Show that a set of vectors spans a subspace

[mattqchou]

Homework Statement

Show that {(1, 2, 3), (3, 4, 5), (4, 5, 6)} does not span R³. Show that it spans the subspace of R³ consisting of all vectors lying in the plane with the equation x - 2y + z = 0.

Homework Equations

The Attempt at a Solution

I made a matrix of:
A = [ 1 3 4 ; 2 4 5; 3 5 6] and reduced it to row-echelon form to determine rank. I found that rank(A) = 2. Therefore, it can't span R³, since rank(A) < n for Rⁿ.

But then I need to show that it spans the plane given by the equation x - 2y + z = 0.

I thought that perhaps rewriting the problem as: z = -x + 2y and plugging back in for z. But that doesn't really tell me anything.

I also tried to show the span by demonstrating where it has linear combinations by writing span(F) = span{ax - 2by + cz = 0} but I don't know what to do from here.

I was able to find the solution in the solutions manual, but I can't decipher what it's saying or how it did it. It's not using a method described in the book.

Could someone explain this better or give me another method to figure out whether a set spans a subspace?

 

[mfb]

They find explicit coefficients for the vectors (1,2,3) and (3,4,5) to express every vector in the plane as linear combination of these vectors.
The coefficients are (-2x+3y/2) and (x-y/2). Multiply them with the vectors, simplify and you get a general vector in the discussed plane.

 

[mattqchou]

They find explicit coefficients for the vectors (1,2,3) and (3,4,5) to express every vector in the plane as linear combination of these vectors.
The coefficients are (-2x+3y/2) and (x-y/2). Multiply them with the vectors, simplify and you get a general vector in the discussed plane.

Hi,

Could you explain how you find explicit coefficients? I've never heard of this method in my class before. I also can't find that in the book or the glossary.

Thanks!

 

[mfb]

See the calculation above, it does exactly this.
It starts with an arbitrary vector in the plane and assumes that it can be written as $\alpha (1,2,3) + \beta (3,4,5)$ and then solves for the two unknowns.

 

[vela]

But then I need to show that it spans the plane given by the equation x - 2y + z = 0.

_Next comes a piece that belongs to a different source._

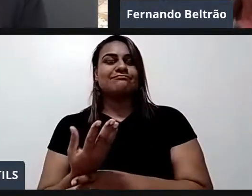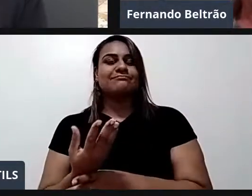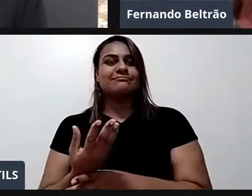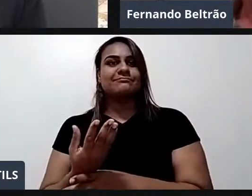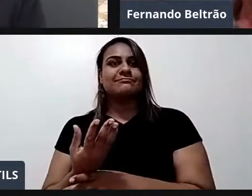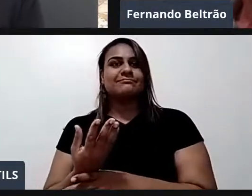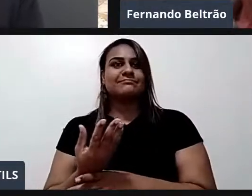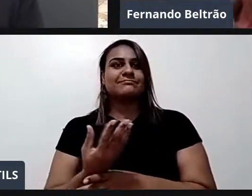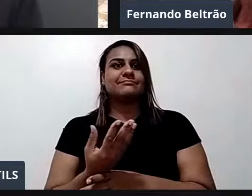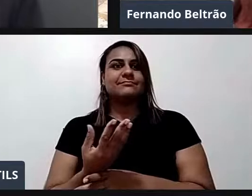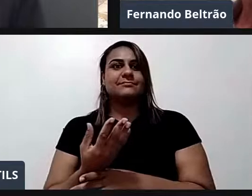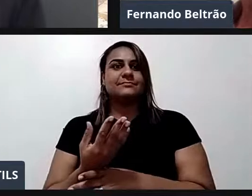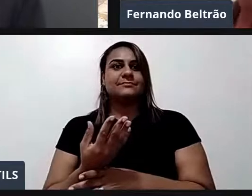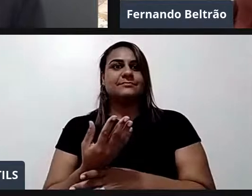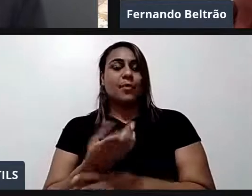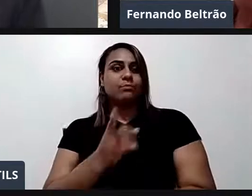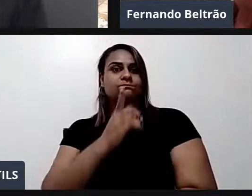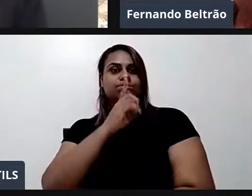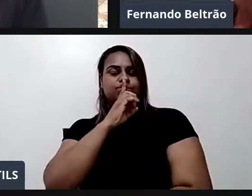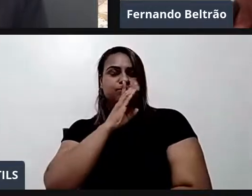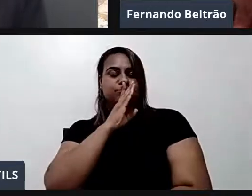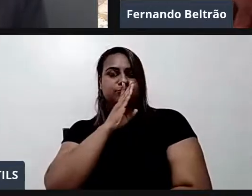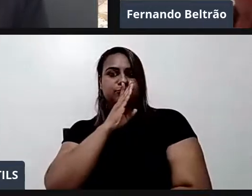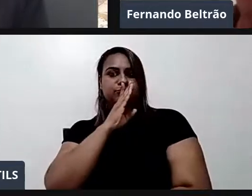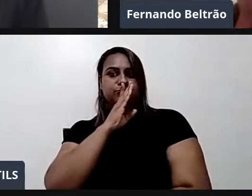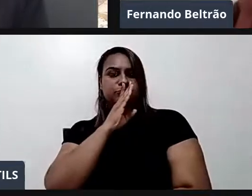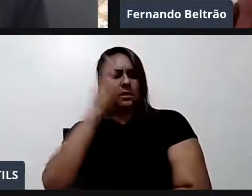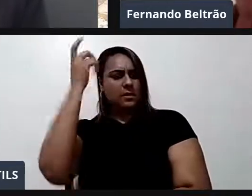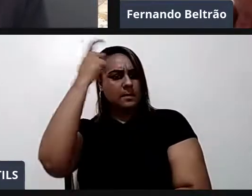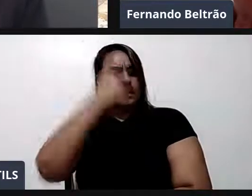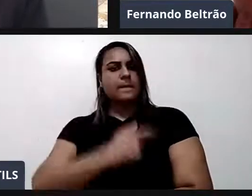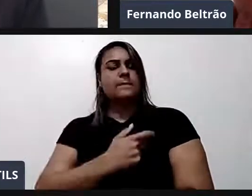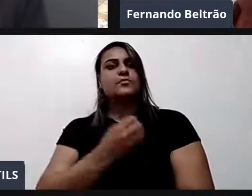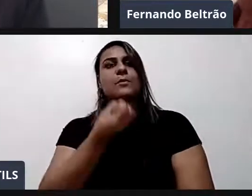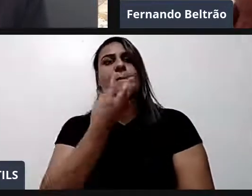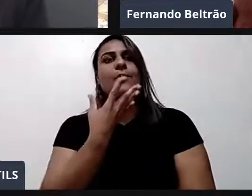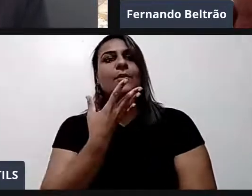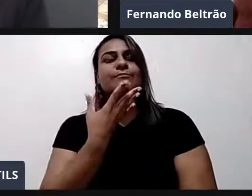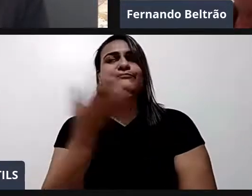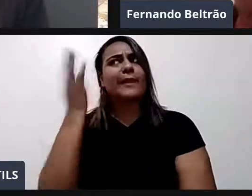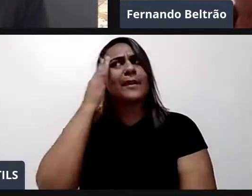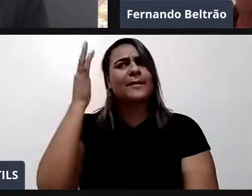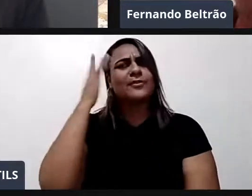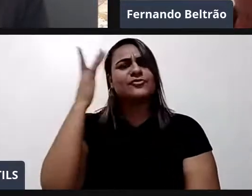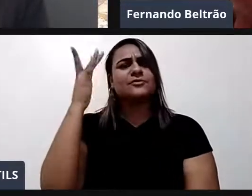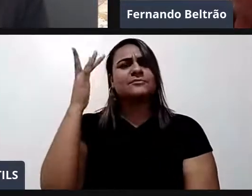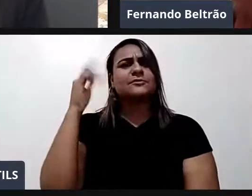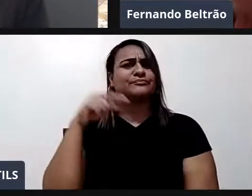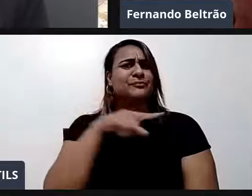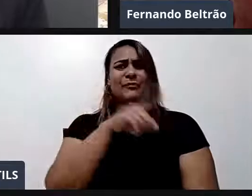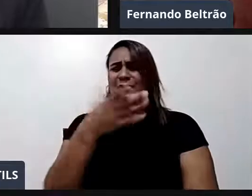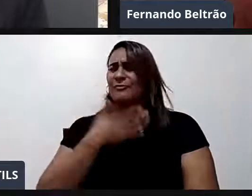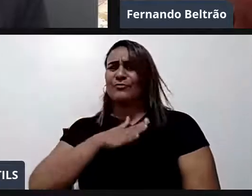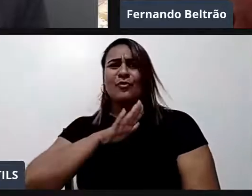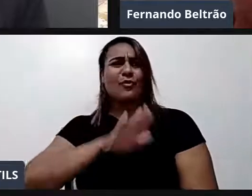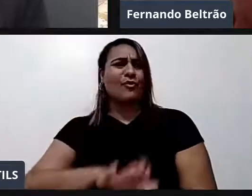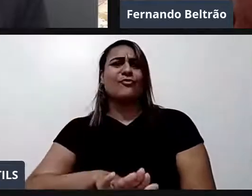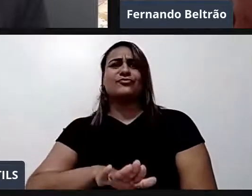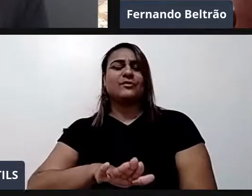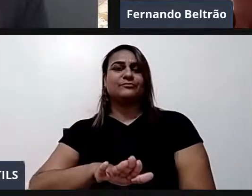Qualquer coisa que não presta, imagine que você não goste do prefeito da sua cidade, ou do governador, do presidente, ou

I thought that perhaps rewriting the problem as: z = -x + 2y and plugging back in for z. But that doesn't really tell me anything.

Sure it does. You now have three equations that describe the vectors that lie in that plane:
\begin{align*}
x &= s \\
y &= t \\
z &= -s + 2t
\end{align*} or in vector form,
$$\begin{pmatrix} x \\ y \\ z \end{pmatrix} = s\begin{pmatrix} 1 \\ 0 \\ -1\end{pmatrix} + t\begin{pmatrix} 0 \\ 1 \\ 2 \end{pmatrix}.$$ Can you take it from there?